Entries provided:

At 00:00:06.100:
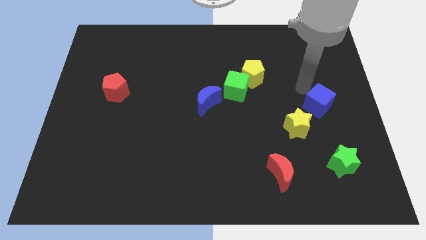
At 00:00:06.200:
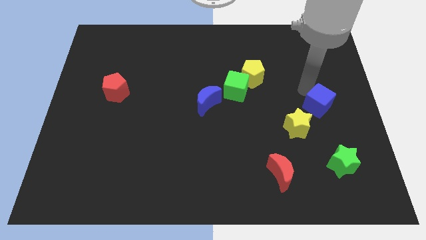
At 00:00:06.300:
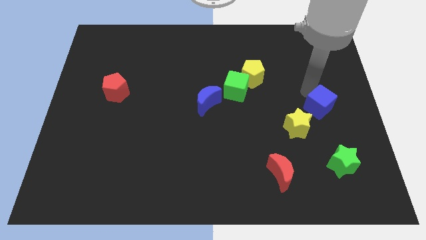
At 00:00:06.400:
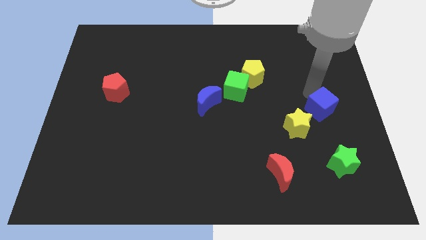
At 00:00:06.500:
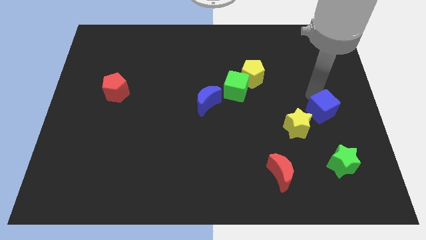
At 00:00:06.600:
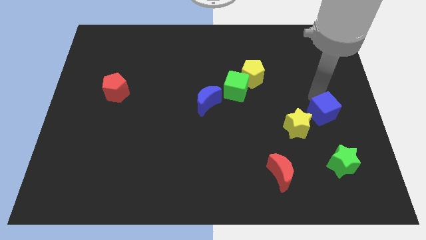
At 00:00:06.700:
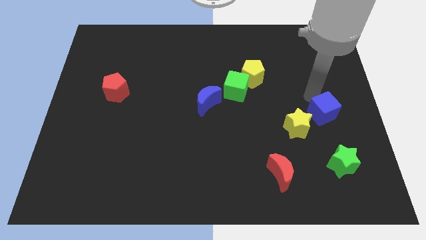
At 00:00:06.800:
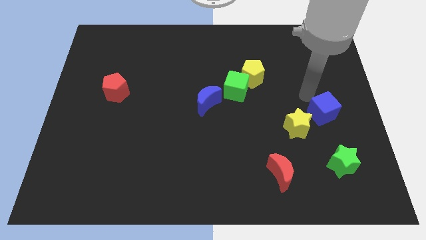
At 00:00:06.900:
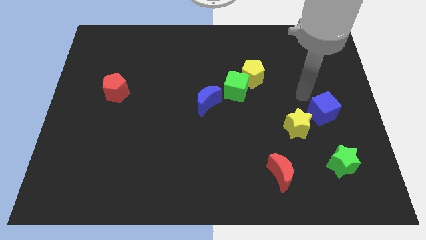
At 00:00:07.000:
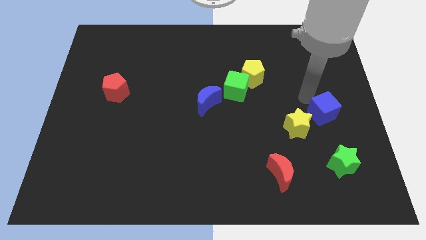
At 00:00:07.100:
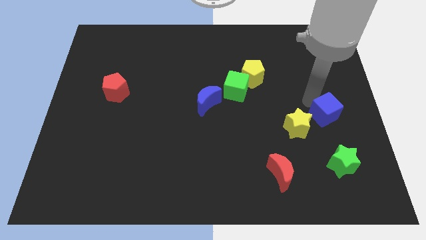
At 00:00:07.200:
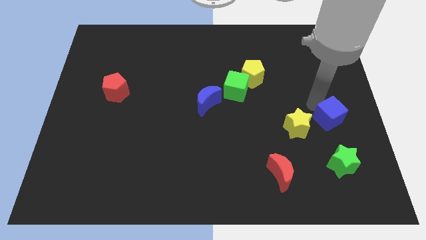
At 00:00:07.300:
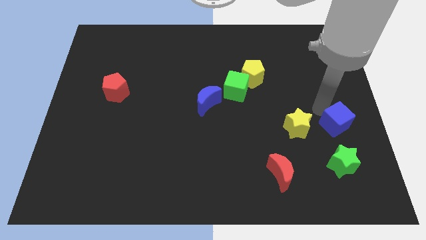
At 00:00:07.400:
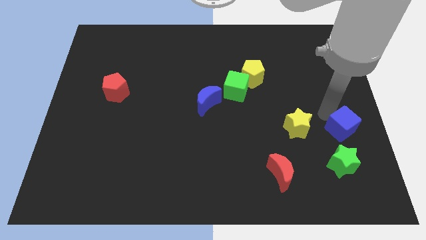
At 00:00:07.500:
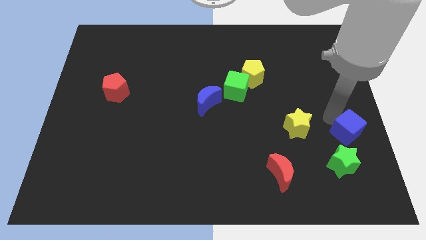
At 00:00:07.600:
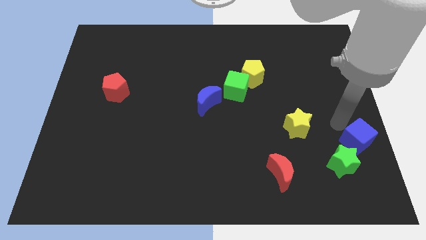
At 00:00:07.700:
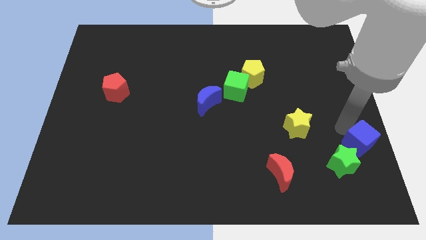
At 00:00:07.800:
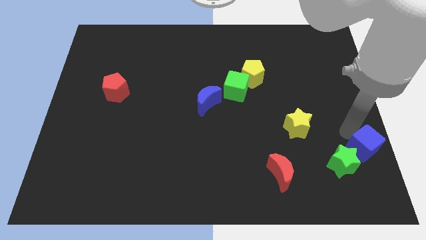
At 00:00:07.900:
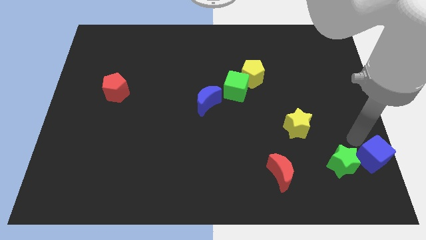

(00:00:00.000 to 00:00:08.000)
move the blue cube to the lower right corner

Exercise prompt:
Send back every line above exactly, skipping all pictures.

Response:
At 00:00:06.100:
At 00:00:06.200:
At 00:00:06.300:
At 00:00:06.400:
At 00:00:06.500:
At 00:00:06.600:
At 00:00:06.700:
At 00:00:06.800:
At 00:00:06.900:
At 00:00:07.000:
At 00:00:07.100:
At 00:00:07.200:
At 00:00:07.300:
At 00:00:07.400:
At 00:00:07.500:
At 00:00:07.600:
At 00:00:07.700:
At 00:00:07.800:
At 00:00:07.900:

(00:00:00.000 to 00:00:08.000)
move the blue cube to the lower right corner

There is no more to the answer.